The crucial line here is “how they lost…and what changes they needed to make to avoid another defeat.”
This is exactly what the oppositional intelligentsia in Sri Lanka has yet to do, which is why many of them regurgitate the conventional wisdom of uniting all forces of the Opposition, including the UNP under its existing leadership, and thereby, recomposing in effect the profile of precisely the government that was massively defeated in 2019-2020, enabling Gotabaya Rajapaksa and the SLPP-led SLPF to win decisively.

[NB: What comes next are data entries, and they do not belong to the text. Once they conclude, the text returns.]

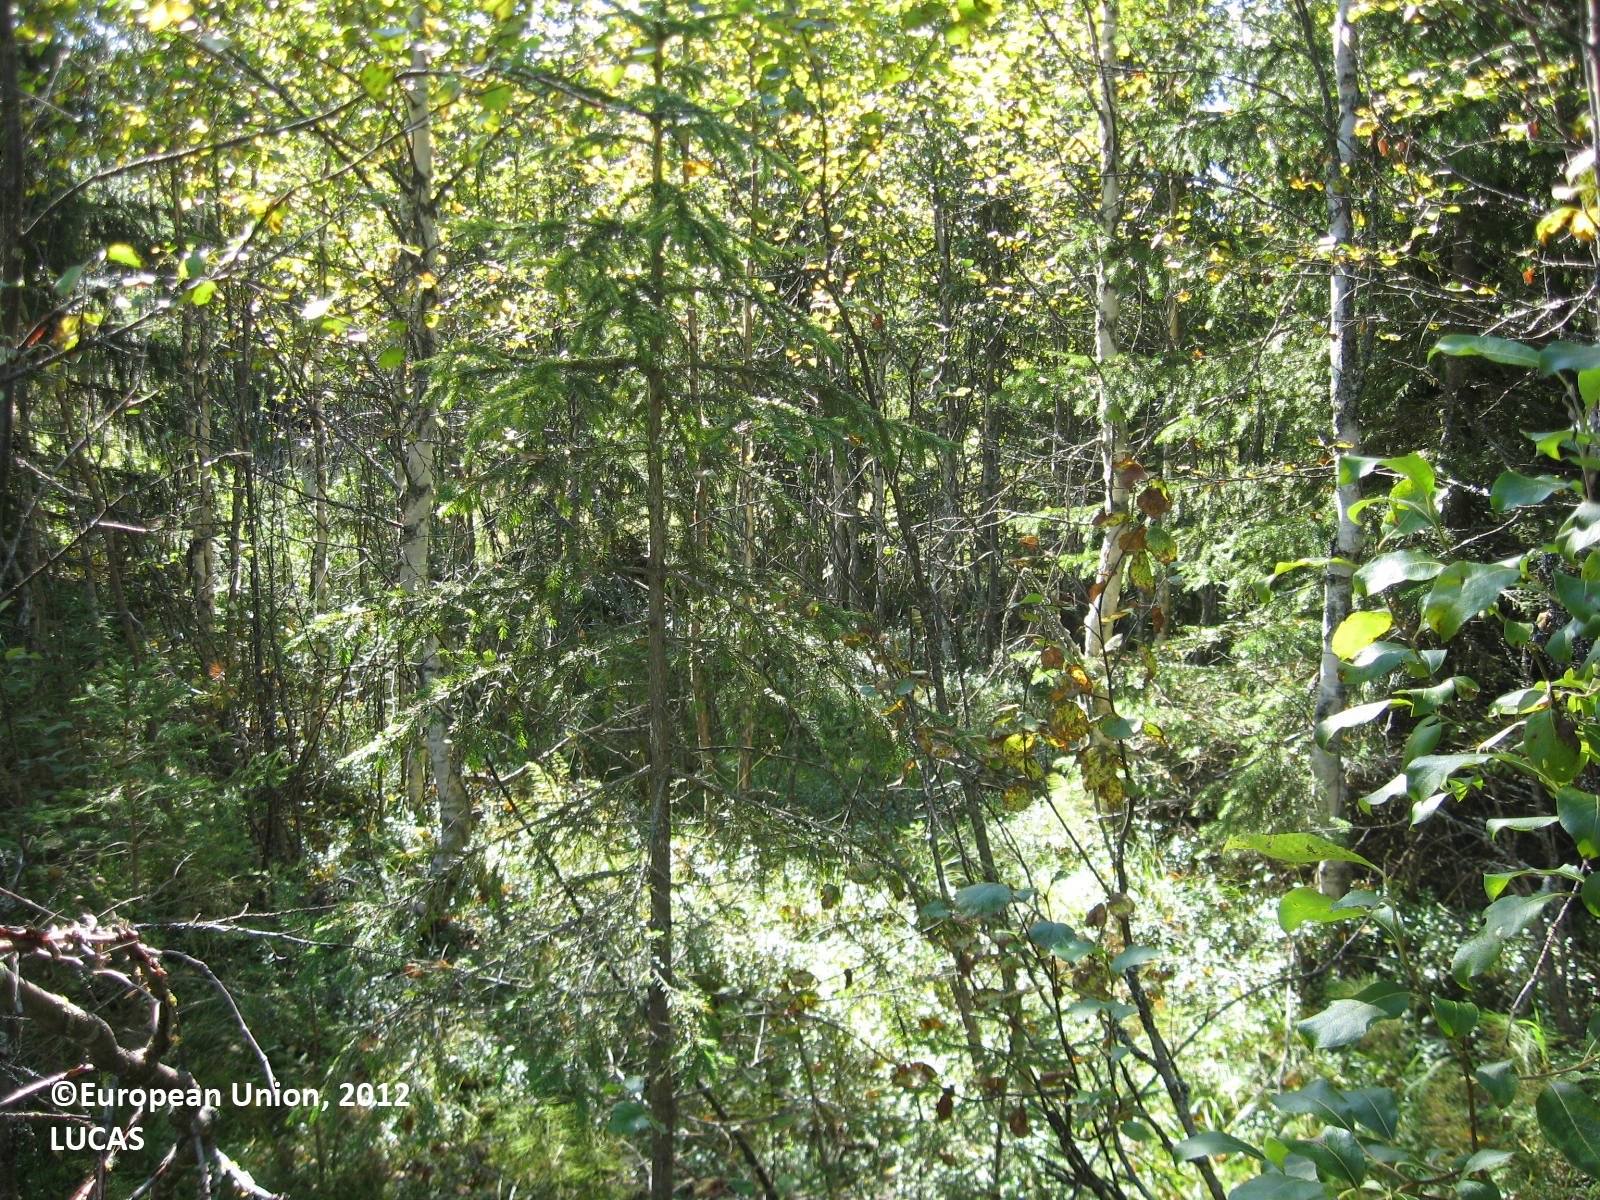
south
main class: Woodland
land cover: Other mixed woodland
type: boreal forest
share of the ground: > 75 %
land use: Forestry
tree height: > 5 m
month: August
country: FI
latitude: 63.8560
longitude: 28.6392
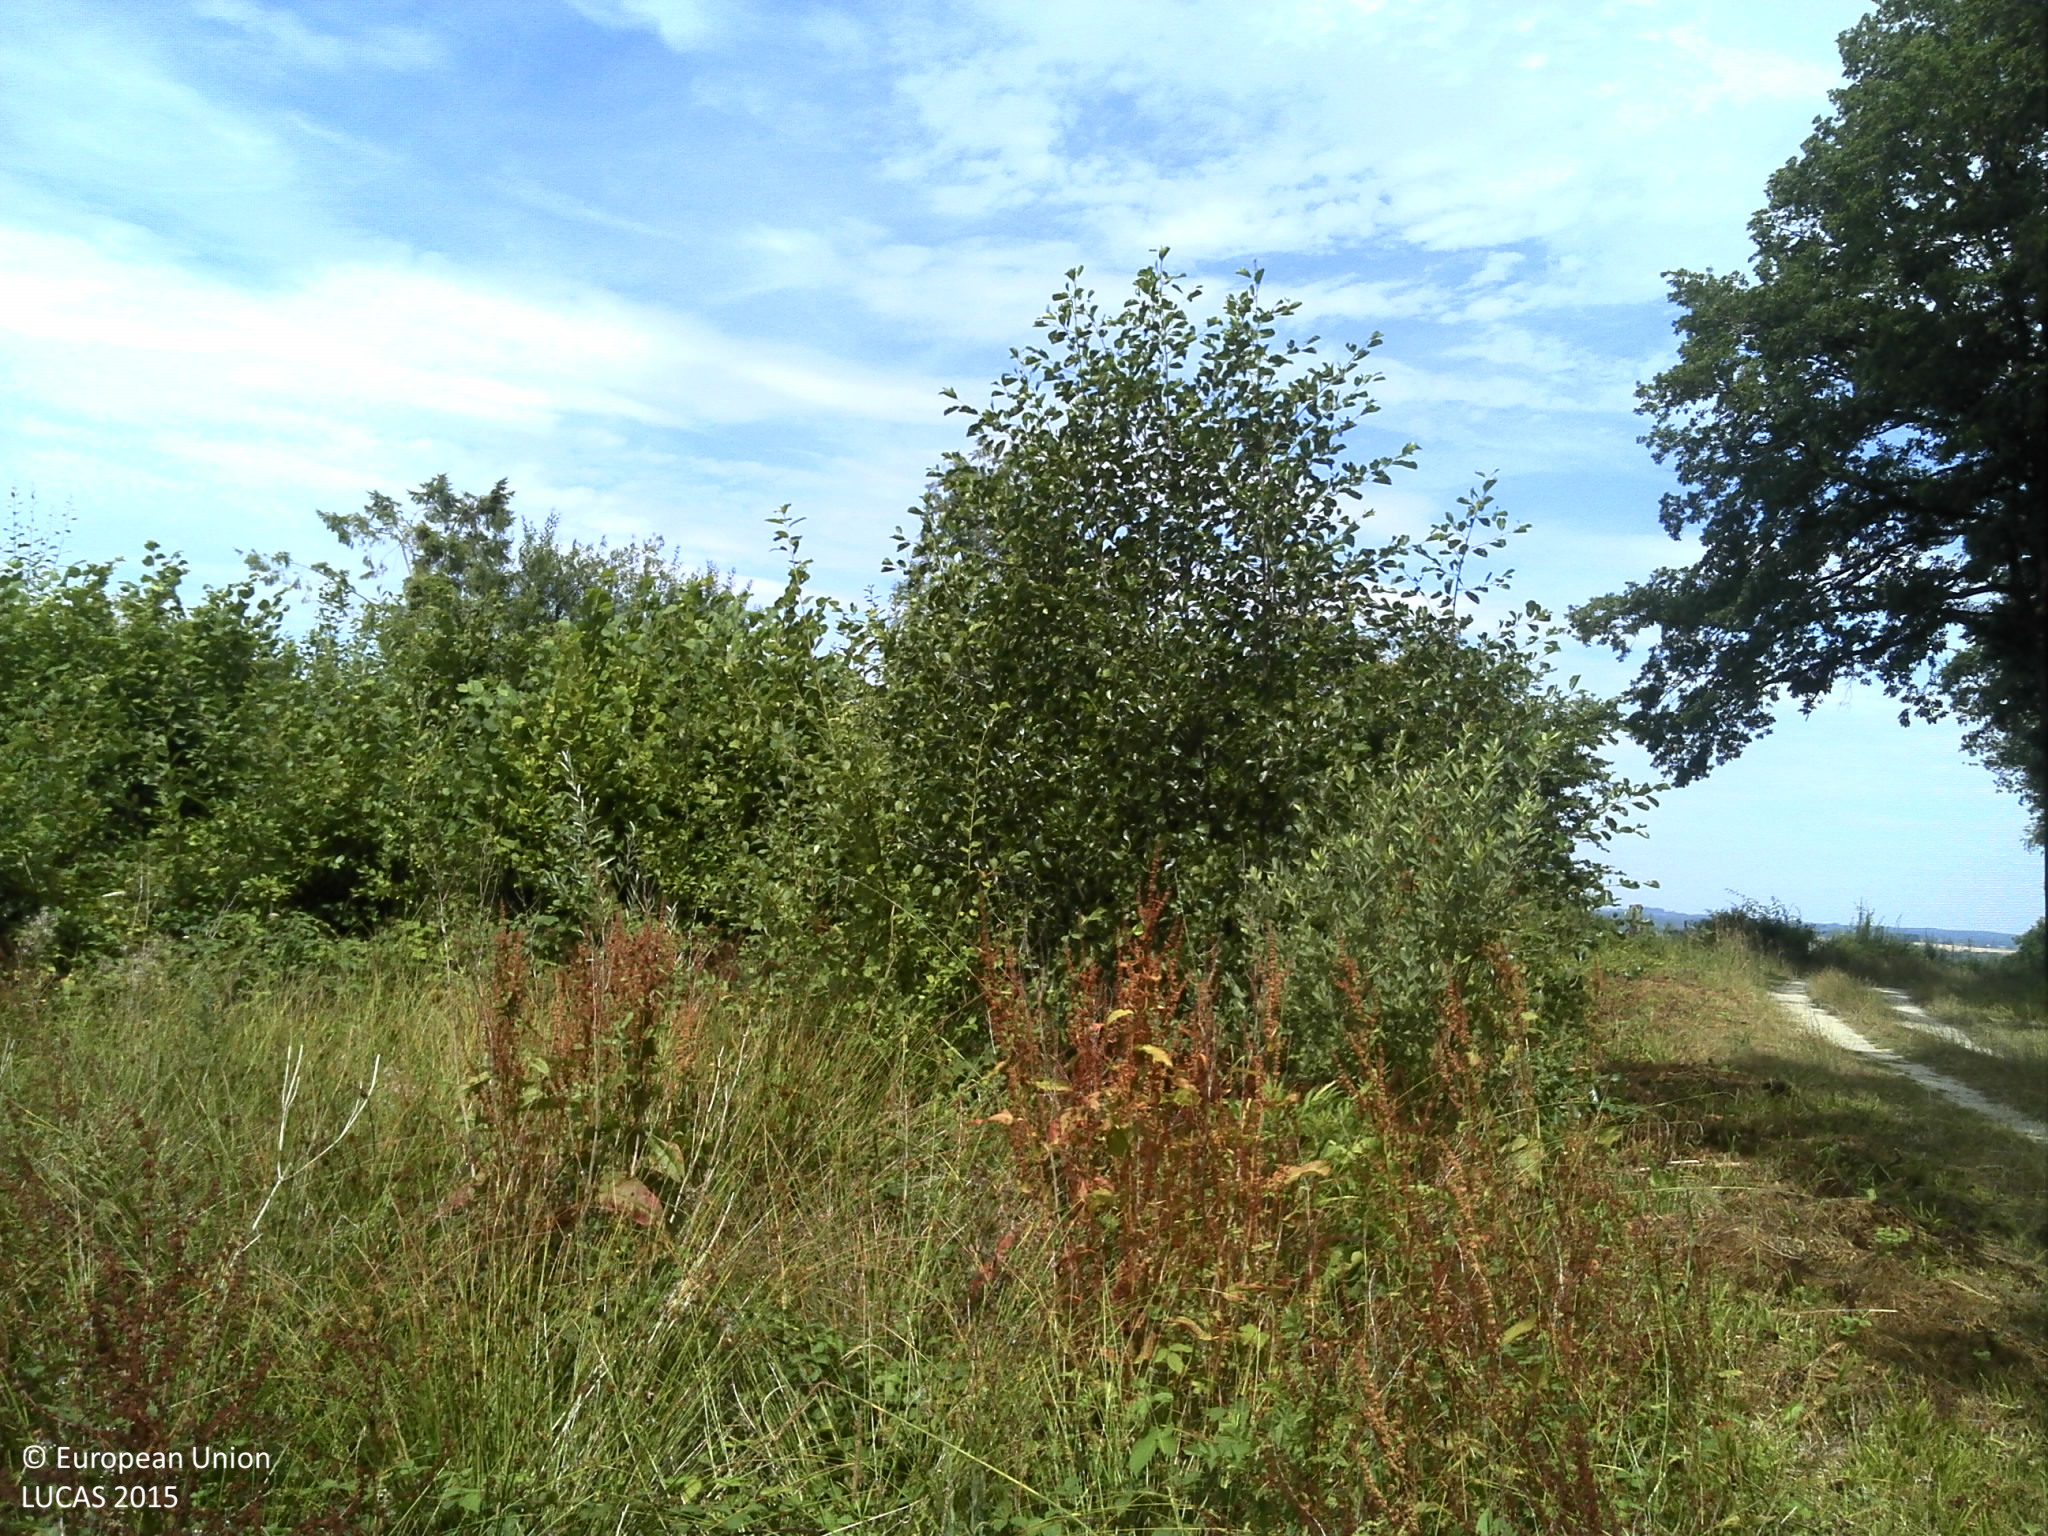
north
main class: Woodland
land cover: Broadleaved woodland
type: non-riverine alder, birch or aspen forest
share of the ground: > 75 %
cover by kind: broadleaved forest trees 50 %, herbaceous plants 50 %
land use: Forestry
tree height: < 5 m
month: July
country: FR
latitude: 49.6245
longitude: 4.2505
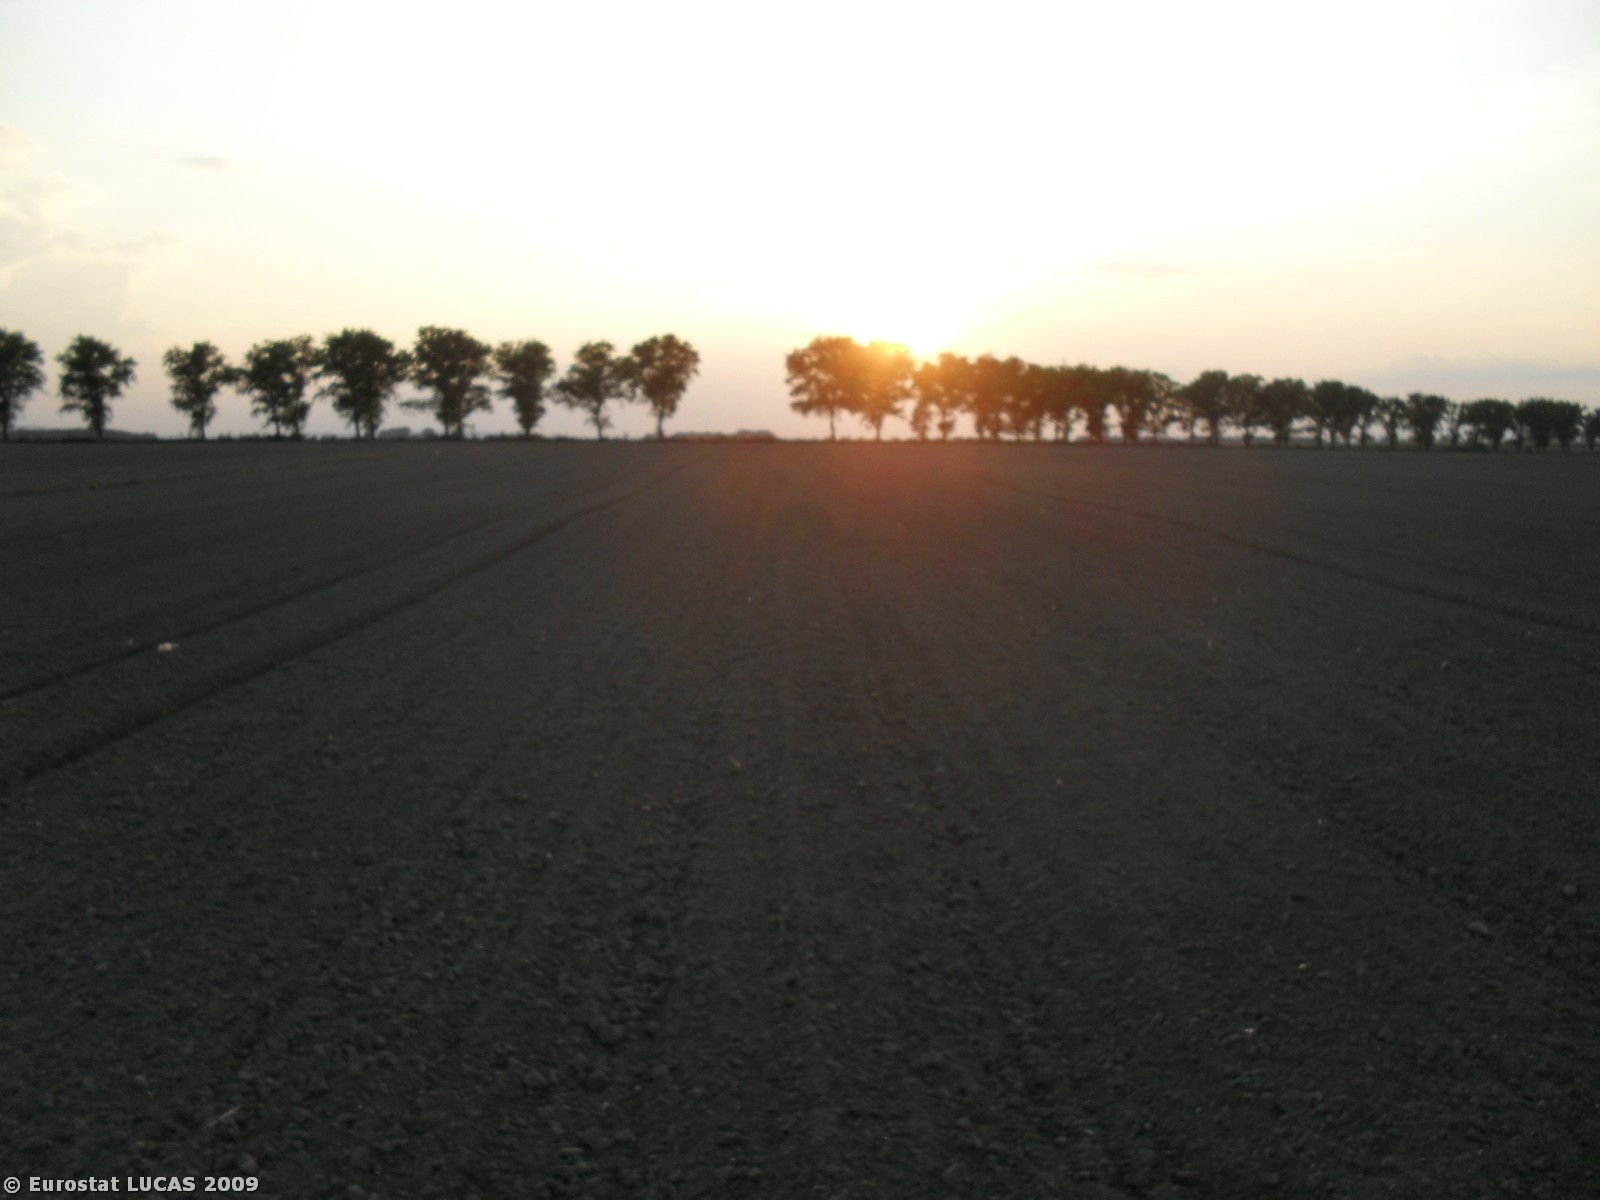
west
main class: Cropland
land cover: Common wheat
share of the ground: < 10 %
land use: Agriculture (excluding fallow land and kitchen gardens)
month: September
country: PL
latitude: 50.7600
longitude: 17.3411

The FiveThirtyEight essay goes on to elaborate:
“…In other words, we now have a pretty detailed picture of where the Democratic Party landed on many of those debates. And the main takeaway is this: A multiracial group of Obama-style Democrats are in charge, just like from 2009 to 2016. They’re solidly left of center — but mostly from the ideological middle of the party, not its leftmost wing…But this time, the explicit goal is to push and enact more leftward-leaning policies — compared to the Obama administration, in particular — on both economic and racial issues.” (ibid)
Perry Bacon Jr. spells it out:
“…From the day after Hillary Clinton’s defeat in the 2016 presidential election to the 2018 midterms, Democrats were battling over the party’s direction but mostly focused on fighting now former President Trump.
…Biden won in large part because of the support he got from the party’s more establishment and centrist figures who were wary of Sanders and Warren. But along the way to his victory in the Democratic primaries, Biden moved left when compared to the Obama-Biden administration’s stances…Then, after Biden basically had wrapped up the nomination, two real-world events pushed him even further left…
Harris, like Biden, is a center-left establishment Democrat who has moved leftward as the party drifted in that direction but is not as progressive as Sanders or Warren.
Sanders, Warren and Ocasio-Cortez and the broader left wing of the Democratic Party unified behind Biden in the general election…
…Biden has gone about filling the government and leadership of the Democratic Party with a demographically diverse group of establishment types who have moved left in recent years like Harris and Biden himself.
…Jake Sullivan…one-time top adviser to Hillary Clinton’s 2016 campaign urged the party to become more populist after Clinton’s defeat.
… in the Biden administration, there is one clear, dominant ideological view — left of Obama in 2016, not as left as Warren now. “Left of Obama in 2016, not as left as Warren now,” of course, isn’t a precise ideology. But we are already getting some glimpses of what that means in practice.” (Biden’s Team And Priorities Show How The Democratic Party Changed In The Trump Era | FiveThirtyEight)
This is clear, I think. It is also what I urge on the SJB and the opposition in general, in the struggle to face and defeat our tropical, tougher-than-Trump: a “more populist” (Sullivan’s argument) democratic Opposition, to the left of the UNP historically and most certainly of the Wickremesinghe quarter-century, but not as left as the JVP.
This then is what I am arguing for in the case of Sri Lanka. An Opposition which is ideologically moored, but not mired, in the ideological middle while being left-of-center, pushing left-leaning policies. That is the route I’m hoping and expecting Sajith Premadasa’s SJB will go.